Formation Of A Limited Liability Company

Hello welcome to this blog on the formation of a limited liability company:

The steps in the formation of a limited liability company can be explained briefly as follows:

STEP 1: The promoter(s) devices a scheme of capitalization, bearing in mind the cost of formation, assets to be bought and working capital.

STEP 2: The promoters is required to secure the services of a solicitor to prepare certain documents to be filed with the registrar of companies. The documents are:

  • Memorandum of association
  • Article of association
  • Statement of nominal capital

STEP 3: The documents are stamped and lodged with the registrar of companies.

Memorandum of Association

Memorandum of association is a document, forming the Constitution of a company and defining its objectives and powers with regard to its dealing with the outside world. It is the document containing rules and regulations, which govern the external relationship of a company with outsiders. Once registered, the memorandum becomes a public document.

A memorandum of association contains the following information:

  1. The name of the company which must end with the word Limited.
  2. The registered office of the company
  3. The amount of authorized capital and the various shares into which it is divided.
  4. A declaration that The Liability of the members are Limited.
  5. The names of the founders of the company and the number of shares taking up by them.
  6. Status of the company, that is, private or public.
  7. The objects of the company
  8. The restriction, if any, on the power of the company

Articles of Association

Articles of association is a document in which the regulations which govern the internal management of the companies affairs, the duties, right and powers of the members are stated.

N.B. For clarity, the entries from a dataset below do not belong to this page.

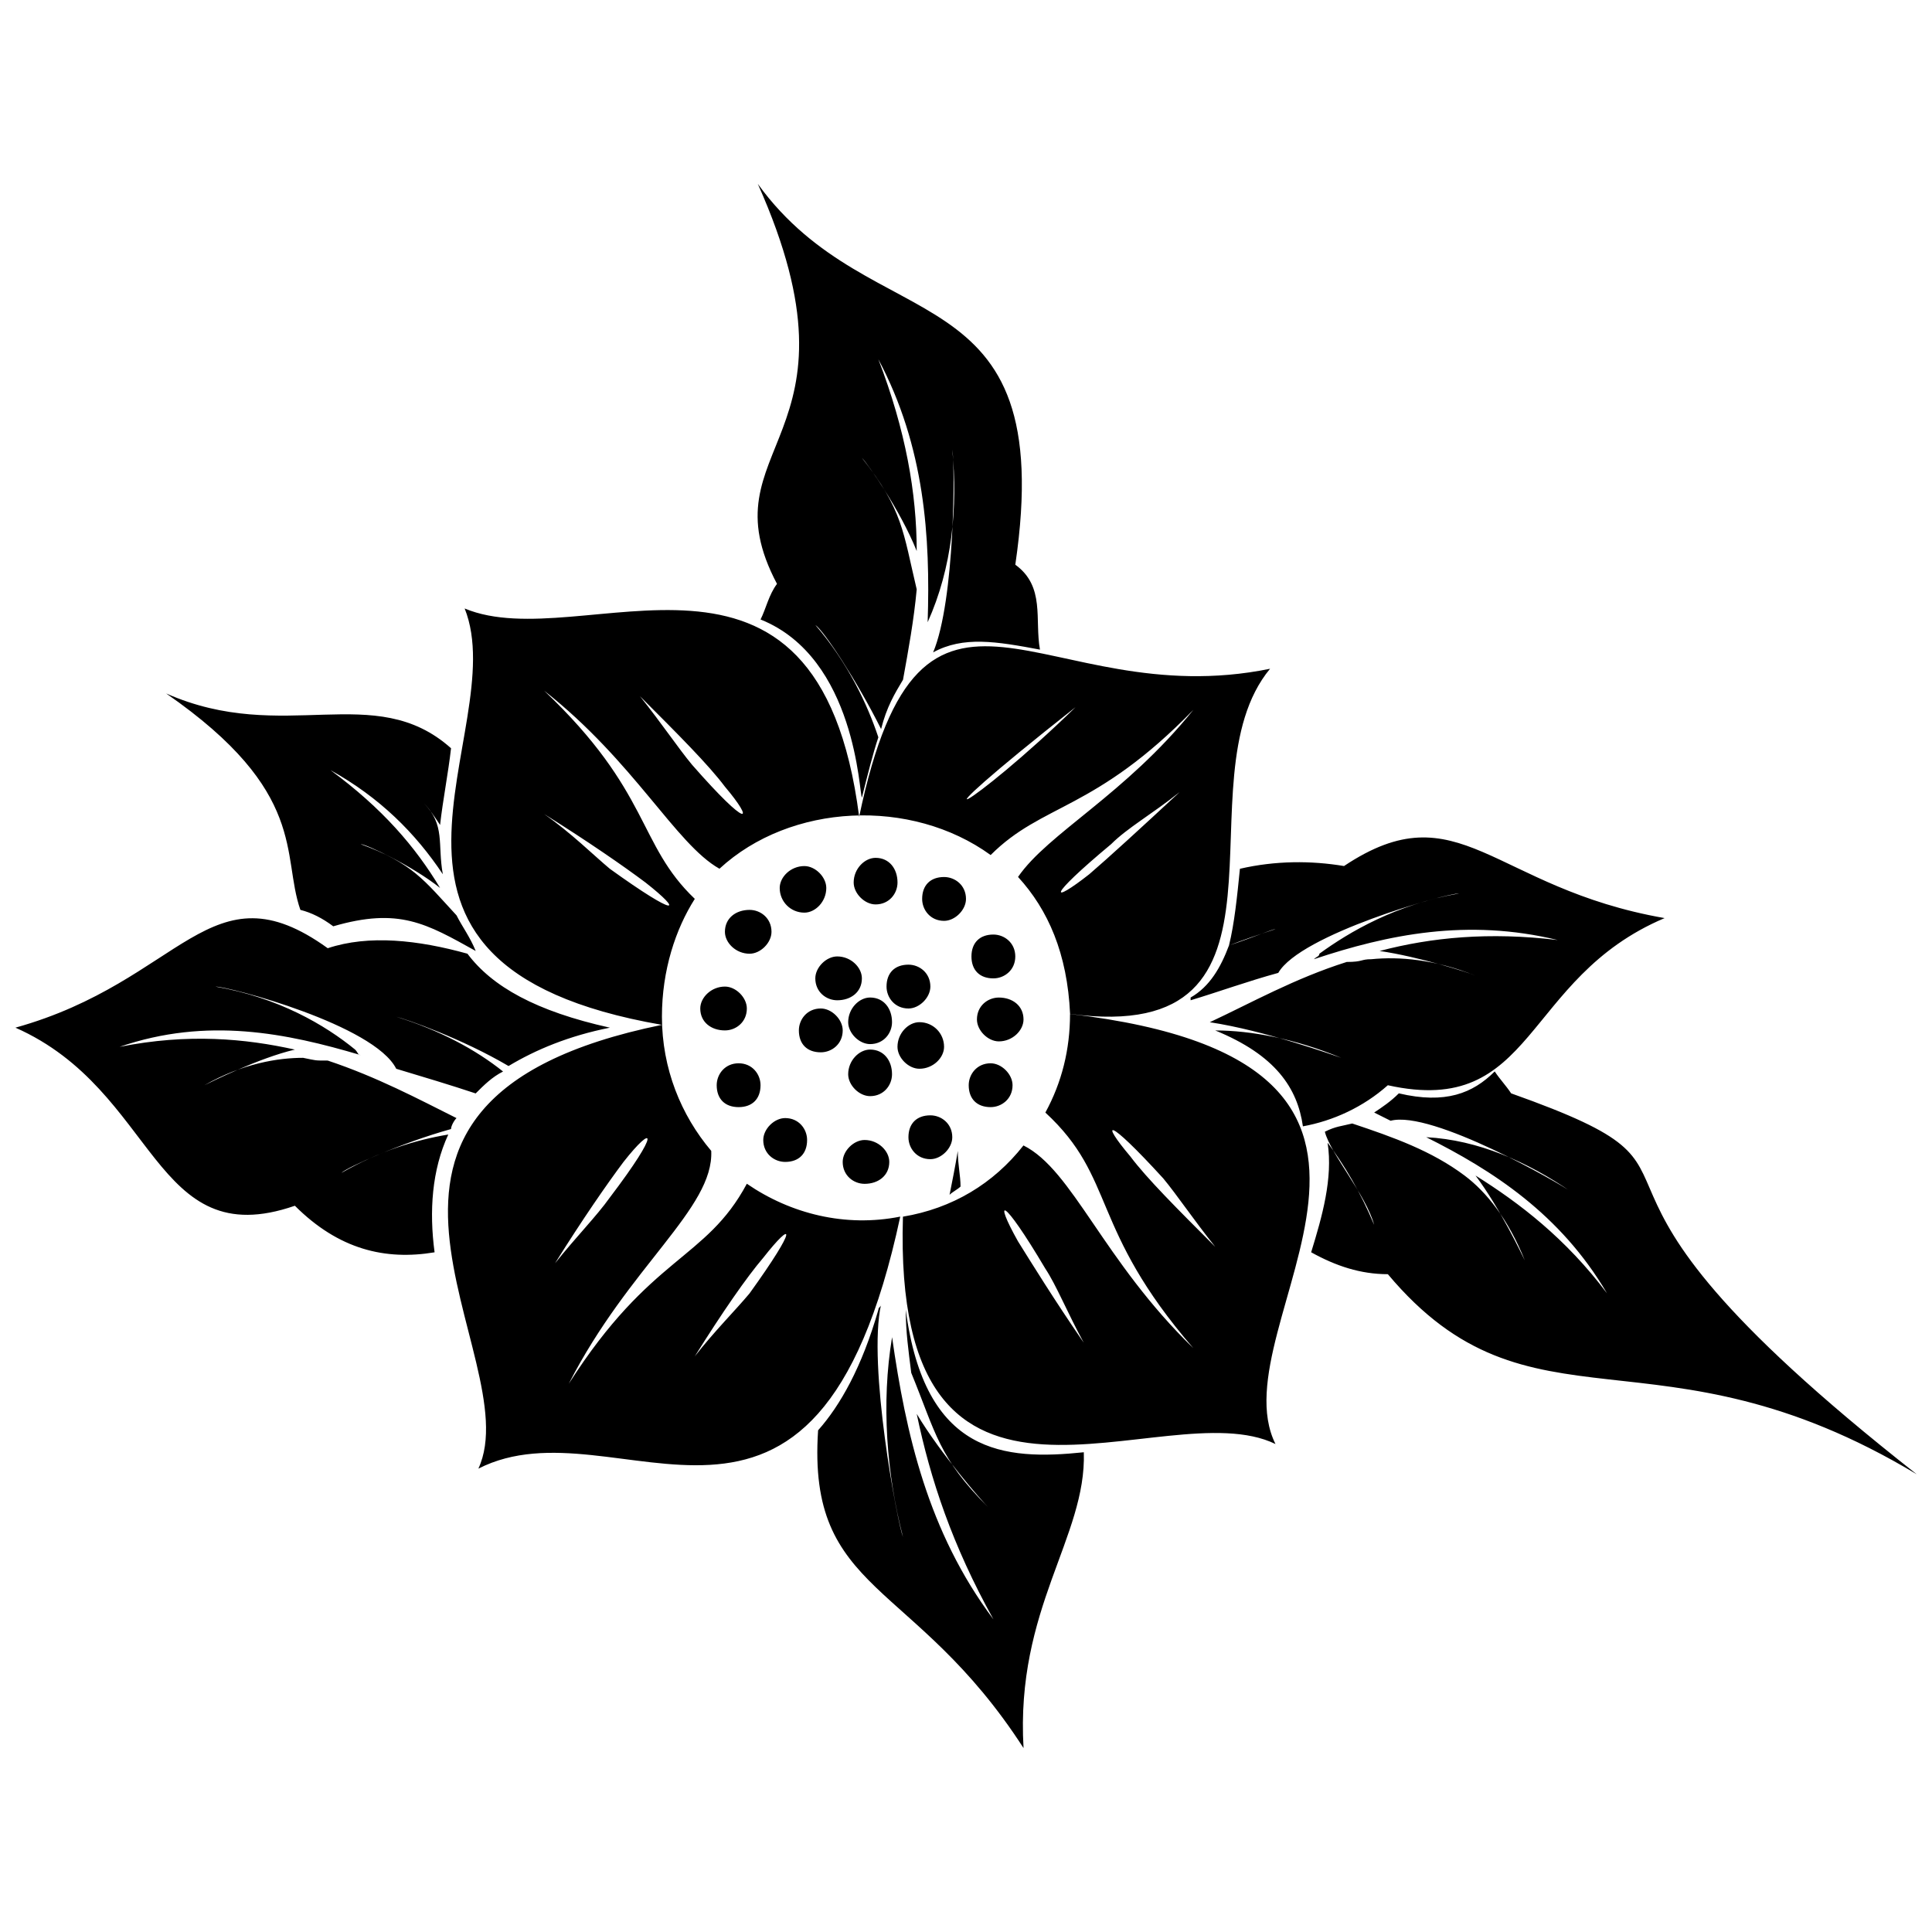 <?xml version="1.0" encoding="UTF-8"?>
<!-- The Best Svg Icon site in the world: iconSvg.co, Visit us! https://iconsvg.co -->
<svg width="800px" height="800px" version="1.1" viewBox="144 144 512 512" xmlns="http://www.w3.org/2000/svg">
 <defs>
  <clipPath id="a">
   <path d="m148.09 192h503.81v416h-503.81z"/>
  </clipPath>
 </defs>
 <g clip-path="url(#a)">
  <path d="m371.69 360.43c16.695-79.855 48.637-26.859 108.89-39.203-24.684 29.766 12.34 100.18-52.996 91.469-0.727-15.973-5.809-27.586-13.793-36.297 7.984-11.613 28.312-21.777 46.461-44.281-26.133 26.859-39.926 24.684-53.719 38.477-21.051-15.246-52.996-13.793-71.867 3.629-11.613-6.535-22.504-28.312-46.461-47.188 28.312 26.859 24.684 40.652 39.926 55.172-5.082 7.984-8.711 18.875-8.711 31.215 0 13.793 5.082 26.133 13.066 35.57 0.727 15.246-21.777 30.488-37.75 61.707 21.777-34.121 36.297-32.668 47.188-52.996 11.613 7.984 26.133 11.613 40.652 8.711-22.504 105.26-74.773 47.914-111.8 66.789 13.793-29.766-50.816-97.277 48.637-117.61-92.195-15.973-39.203-77.676-52.27-110.34 31.215 13.066 93.648-29.766 104.54 55.172zm280.22 174.23c-108.17-84.938-42.105-77.676-107.44-100.91-1.453-2.18-2.902-3.629-4.356-5.809-5.809 5.809-13.066 8.711-25.41 5.809-2.18 2.18-4.356 3.629-6.535 5.082 1.453 0.727 2.902 1.453 4.356 2.18 10.891-2.902 45.008 16.695 47.914 18.875-11.613-7.984-24.684-13.793-38.477-14.52 17.422 8.711 35.57 20.328 47.914 41.379-10.891-14.52-23.23-23.957-34.844-31.215 6.535 8.711 12.34 21.051 13.066 22.504-4.356-10.891-10.164-18.148-15.973-22.504-8.711-6.535-18.875-10.164-29.766-13.793-2.902 0.727-4.356 0.727-7.258 2.18 1.453 5.809 10.891 16.695 13.066 24.684-3.629-8.711-7.984-15.973-12.34-21.777 1.453 9.438-1.453 19.602-4.356 29.039 6.535 3.629 13.066 5.809 20.328 5.809 37.75 45.008 71.145 11.613 140.11 52.996zm-463.88-206.89c31.215 13.793 55.172-3.629 75.5 14.52-0.727 6.535-2.18 13.793-2.902 20.328-1.453-2.18-2.902-4.356-4.356-5.809 5.809 5.809 3.629 10.891 5.082 18.875-7.258-10.891-16.695-20.328-29.766-27.586 13.793 10.164 22.504 20.328 29.039 31.215-7.258-5.809-19.602-11.613-21.051-11.613 13.793 5.082 16.695 9.438 25.41 18.875 1.453 2.902 3.629 5.809 5.082 9.438-13.066-7.258-20.328-11.613-37.75-6.535-2.902-2.18-5.809-3.629-8.711-4.356-5.082-14.52 2.18-31.215-35.57-57.352zm156.8-135.03c30.488 42.105 79.855 21.777 68.238 100.91 7.984 5.809 5.082 14.52 6.535 22.504-11.613-2.18-20.328-3.629-28.312 0.727 5.809-13.793 5.809-50.09 5.082-53.719 1.453 15.246 0 31.215-6.535 45.734 0.727-22.504-0.727-46.461-13.066-69.691 7.258 18.875 10.164 35.57 10.164 50.816-4.356-10.891-13.066-23.23-14.52-24.684 10.891 13.793 10.891 19.602 14.52 34.844-0.727 7.984-2.18 15.973-3.629 23.957-2.18 3.629-4.356 7.258-5.809 13.066-6.535-13.066-15.246-26.133-17.422-27.586 8.711 10.164 13.793 21.051 16.695 29.766-1.453 4.356-2.902 10.164-4.356 15.973-0.727-0.727-1.453-37.023-26.859-47.188 1.453-2.902 2.18-6.535 4.356-9.438-19.602-37.023 25.41-37.75-5.082-105.99zm70.418 414.52c-29.039-45.008-57.352-40.652-54.445-84.211 5.809-6.535 11.613-16.695 15.973-31.941 0-0.727 0.727-0.727 0.727-1.453-3.629 15.973 4.356 58.074 5.809 61.707-4.356-16.695-5.809-35.57-2.902-52.996 3.629 25.41 9.438 51.543 26.859 74.773-10.891-19.602-16.695-37.023-20.328-54.445 6.535 10.891 17.422 23.23 18.875 24.684-13.066-13.066-13.793-19.602-20.328-35.57-0.727-5.809-1.453-10.891-1.453-16.695 5.082 38.477 26.133 39.926 47.188 37.75 0.727 22.504-18.148 41.379-15.973 78.402zm-19.602-146.64c0.727-3.629 1.453-7.258 2.18-11.613 0 3.629 0.727 6.535 0.727 9.438-0.727 0.727-2.18 1.453-2.902 2.18zm-247.55-44.281c44.281-12.34 51.543-43.559 82.758-21.051 10.891-3.629 23.957-2.18 37.023 1.453 6.535 8.711 18.148 15.246 37.75 19.602-10.891 2.18-19.602 5.809-26.859 10.164-12.34-7.258-26.859-12.34-29.766-13.066 11.613 3.629 21.051 8.711 28.312 14.52-2.902 1.453-5.082 3.629-7.258 5.809-6.535-2.18-13.793-4.356-21.051-6.535-5.809-11.613-44.281-21.777-47.914-21.777 16.695 2.902 29.039 10.164 37.023 16.695 0.727 0.727 0.727 1.453 1.453 1.453-19.602-5.809-40.652-10.164-63.883-2.18 18.148-3.629 33.395-2.18 46.461 0.727-9.438 2.18-22.504 8.711-23.957 9.438 10.164-5.809 19.602-7.258 26.133-7.258 3.629 0.727 2.902 0.727 6.535 0.727 13.066 4.356 23.957 10.164 34.121 15.246-0.727 0.727-1.453 2.18-1.453 2.902-13.066 3.629-27.586 10.164-29.039 11.613 10.164-5.809 19.602-8.711 28.312-10.164-4.356 9.438-5.082 20.328-3.629 31.215-13.066 2.18-25.41-0.727-37.023-12.34-37.75 13.066-36.297-30.488-74.047-47.188zm157.53-0.727v0.727zm279.49-28.312c-45.734-7.984-54.445-34.121-84.938-13.793-8.711-1.453-18.148-1.453-27.586 0.727-0.727 7.258-1.453 14.52-2.902 20.328 3.629-1.453 7.984-2.902 12.34-4.356-0.727 0-5.809 2.18-12.34 4.356-2.18 5.809-5.082 10.891-10.164 13.793v0.727c7.258-2.18 15.246-5.082 23.23-7.258 5.809-10.164 44.281-21.051 47.914-21.051-16.695 2.902-29.039 10.164-37.023 15.973 0 0.727-0.727 0.727-1.453 1.453 19.602-6.535 40.652-10.891 64.609-5.082-18.148-2.18-33.395-0.727-47.188 2.902 10.164 1.453 23.957 5.809 25.41 6.535-10.891-4.356-20.328-5.082-27.586-4.356-2.902 0-2.18 0.727-6.535 0.727-13.793 4.356-25.41 10.891-36.297 15.973 14.52 2.18 32.668 8.711 34.844 9.438-12.34-5.082-23.957-7.258-33.395-7.258 15.973 6.535 21.777 15.246 23.23 25.41 7.984-1.453 15.973-5.082 22.504-10.891 39.203 8.711 35.57-28.312 73.32-44.281zm-210.53 21.051c3.629 0 5.809 2.902 5.809 6.535 0 2.902-2.18 5.809-5.809 5.809-2.902 0-5.809-2.902-5.809-5.809 0-3.629 2.902-6.535 5.809-6.535zm0 13.793c3.629 0 5.809 2.902 5.809 6.535 0 2.902-2.18 5.809-5.809 5.809-2.902 0-5.809-2.902-5.809-5.809 0-3.629 2.902-6.535 5.809-6.535zm13.066-7.258c3.629 0 6.535 2.902 6.535 6.535 0 2.902-2.902 5.809-6.535 5.809-2.902 0-5.809-2.902-5.809-5.809 0-3.629 2.902-6.535 5.809-6.535zm-21.777-17.422c3.629 0 6.535 2.902 6.535 5.809 0 3.629-2.902 5.809-6.535 5.809-2.902 0-5.809-2.18-5.809-5.809 0-2.902 2.902-5.809 5.809-5.809zm-4.356 13.793c2.902 0 5.809 2.902 5.809 5.809 0 3.629-2.902 5.809-5.809 5.809-3.629 0-5.809-2.18-5.809-5.809 0-2.902 2.18-5.809 5.809-5.809zm23.23-11.613c2.902 0 5.809 2.18 5.809 5.809 0 2.902-2.902 5.809-5.809 5.809-3.629 0-5.809-2.902-5.809-5.809 0-3.629 2.18-5.809 5.809-5.809zm-48.637 5.809c2.902 0 5.809 2.902 5.809 5.809 0 3.629-2.902 5.809-5.809 5.809-3.629 0-6.535-2.18-6.535-5.809 0-2.902 2.902-5.809 6.535-5.809zm3.629 20.328c3.629 0 5.809 2.902 5.809 5.809 0 3.629-2.18 5.809-5.809 5.809s-5.809-2.18-5.809-5.809c0-2.902 2.18-5.809 5.809-5.809zm12.34 14.52c3.629 0 5.809 2.902 5.809 5.809 0 3.629-2.18 5.809-5.809 5.809-2.902 0-5.809-2.18-5.809-5.809 0-2.902 2.902-5.809 5.809-5.809zm21.051 5.809c3.629 0 6.535 2.902 6.535 5.809 0 3.629-2.902 5.809-6.535 5.809-2.902 0-5.809-2.18-5.809-5.809 0-2.902 2.902-5.809 5.809-5.809zm17.422-6.535c2.902 0 5.809 2.18 5.809 5.809 0 2.902-2.902 5.809-5.809 5.809-3.629 0-5.809-2.902-5.809-5.809 0-3.629 2.18-5.809 5.809-5.809zm15.973-13.793c2.902 0 5.809 2.902 5.809 5.809 0 3.629-2.902 5.809-5.809 5.809-3.629 0-5.809-2.18-5.809-5.809 0-2.902 2.18-5.809 5.809-5.809zm2.18-17.422c3.629 0 6.535 2.18 6.535 5.809 0 2.902-2.902 5.809-6.535 5.809-2.902 0-5.809-2.902-5.809-5.809 0-3.629 2.902-5.809 5.809-5.809zm-1.453-16.695c2.902 0 5.809 2.18 5.809 5.809s-2.902 5.809-5.809 5.809c-3.629 0-5.809-2.18-5.809-5.809s2.18-5.809 5.809-5.809zm-13.066-15.246c2.902 0 5.809 2.18 5.809 5.809 0 2.902-2.902 5.809-5.809 5.809-3.629 0-5.809-2.902-5.809-5.809 0-3.629 2.18-5.809 5.809-5.809zm-18.148-5.082c3.629 0 5.809 2.902 5.809 6.535 0 2.902-2.18 5.809-5.809 5.809-2.902 0-5.809-2.902-5.809-5.809 0-3.629 2.902-6.535 5.809-6.535zm-18.875 2.18c2.902 0 5.809 2.902 5.809 5.809 0 3.629-2.902 6.535-5.809 6.535-3.629 0-6.535-2.902-6.535-6.535 0-2.902 2.902-5.809 6.535-5.809zm-14.52 11.613c2.902 0 5.809 2.18 5.809 5.809 0 2.902-2.902 5.809-5.809 5.809-3.629 0-6.535-2.902-6.535-5.809 0-3.629 2.902-5.809 6.535-5.809zm123.41 89.293c-10.164-10.164-18.148-18.148-22.504-23.957-7.984-9.438-6.535-10.891 8.711 5.809 3.629 4.356 7.984 10.891 13.793 18.148zm-177.86-114.7c11.613 7.258 21.051 13.793 26.859 18.148 10.164 7.984 8.711 9.438-9.438-3.629-4.356-3.629-10.164-9.438-17.422-14.52zm143.01 140.11c-7.984-11.613-13.793-21.051-17.422-26.859-6.535-11.613-4.356-12.34 7.258 7.258 2.902 4.356 5.809 11.613 10.164 19.602zm-103.09 3.629c7.258-11.613 13.793-21.051 18.148-26.133 7.984-10.164 9.438-8.711-3.629 9.438-3.629 4.356-9.438 10.164-14.52 16.695zm-37.023-24.684c7.258-11.613 13.793-21.051 18.148-26.859 7.984-10.164 10.164-8.711-3.629 9.438-3.629 5.082-8.711 10.164-14.52 17.422zm22.504-150.27c10.164 10.164 18.148 18.148 22.504 23.957 7.984 9.438 6.535 11.613-8.711-5.809-3.629-4.356-7.984-10.891-13.793-18.148zm115.43 2.902c-27.586 26.859-47.914 37.75 0 0zm27.586 22.504c-10.164 9.438-18.875 17.422-23.957 21.777-10.164 7.984-11.613 6.535 5.809-7.984 4.356-4.356 10.891-7.984 18.148-13.793zm-29.039 58.801c111.8 13.066 38.477 82.031 54.445 113.97-29.766-14.52-101.63 34.844-98.73-60.254 13.066-2.18 23.957-8.711 31.941-18.875 13.066 6.535 21.051 30.488 45.008 53.719-27.586-31.941-20.328-45.008-39.203-62.434 4.356-7.984 6.535-16.695 6.535-26.133z" fill-rule="evenodd"/>
 </g>
</svg>

Its compliments the memorandum of association. Where there is conflict between the two documents, the memorandum will prevail.

The content of an article of associations are:

  1. The method of issue of capital
  2. Method of holding meetings
  3. Defined powers and duties of directors
  4. The rights of shareholders
  5. How directors are to be elected
  6. How auditors are to be remunerated.
  7. Method of sharing dividend
  8. Transfer and forfeiture of shares
  9. Method of audit

PROSPECTUS

  • It is an invitation to the public to purchase shares or debentures. It is most often issued by public limited companies.
  • A prospectus gives detailed information about the promoters and directors of a particular company.
  • The document contains reports by the companies auditors, regarding past profits, losses and dividends declared.
  • A prospectus seek to explain the types of shares available for sale to the members of the public.

Content of a prospectus

  1. Particulars of the company’s past history
  2. Information about the present position and future prospects
  3. The amount of the capital offered for subscription
  4. Particulars of directors and Order officials
  5. Promoters remuneration
  6. The date of opening the lists
  7. The nature of capital offered for subscription
  8. Amount payable on application and allotment on each share
  9. The number of founder’ss share

STEP 4: After going through the documents, the registrar of companies then issues a certificate of incorporation to the company. This gives the company the power to commence business.

STEP 5: A private company can commence business after receiving the certificate of corporation, but a public liability company cannot commence until it receives the certificate of trading.

Certificate of Incorporation

Certificate of incorporation which confers legal status on the company to commence business is issued by the registrar of companies, i.e., the company has put on a veil of incorporation. The certificate is given out as an evidence that all the requirements of the act in respect of registration has been complied with by the company and it is therefore dully registered under the act. It contains the name of the company, registration number and signature of the registrar.

Section 37 of the company act contains the effects of incorporation as:

  1. Right of the company to own properties which are separated from members
  2. Right of perpetual existence
  3. Right to Sue and be sued
  4. Right to transfer shares
  5. Limited liability
  6. Right to borrow

Certificate of Trading

Certificate of trading is a document which allows the company to commence business activities. It is issued to public liability company to commence operation after the company had been given the certificate of incorporation. If it is a private company, it is at Liberty to commence business forthwith without the certificate of trading.

Revision Questions

  1. What are the steps of formation of limited liability company?
  2. Explain memorandum of association
  3. Explain articles of association
  4. What is certificate of incorporation and certificate of trading in the formation of a limited liability company?